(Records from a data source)
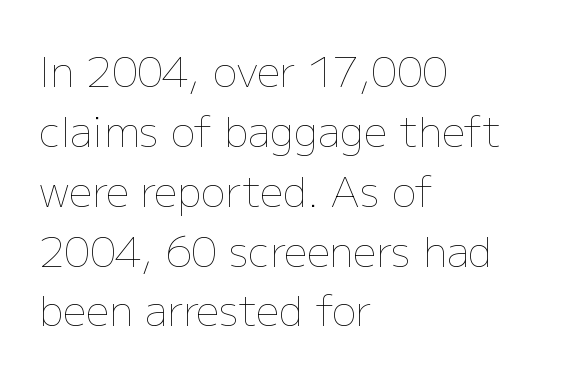
Q: Is the text bold? A: No.
Q: Is the text italic (slanted)? A: No, it is upright.
Q: Is the text underlined? A: No.
Q: How is the paragraph aligned? A: Left-aligned.
Q: Is the spacing between letters normal or unusually wide? A: Normal.
Q: Is the spacing between lines tight, normal or loose? A: Normal.
Q: Width (condensed, normal, or wide)? A: Normal.
Q: Stroke contrast? A: Low.
Q: x-height? A: Medium.
Q: Monospaced? A: No.

◆ Task goal: The records above must be repeated in full and exactly, but without any of the pictures.

◆ Reply:
Q: Is the text bold? A: No.
Q: Is the text italic (slanted)? A: No, it is upright.
Q: Is the text underlined? A: No.
Q: How is the paragraph aligned? A: Left-aligned.
Q: Is the spacing between letters normal or unusually wide? A: Normal.
Q: Is the spacing between lines tight, normal or loose? A: Normal.
Q: Width (condensed, normal, or wide)? A: Normal.
Q: Stroke contrast? A: Low.
Q: x-height? A: Medium.
Q: Monospaced? A: No.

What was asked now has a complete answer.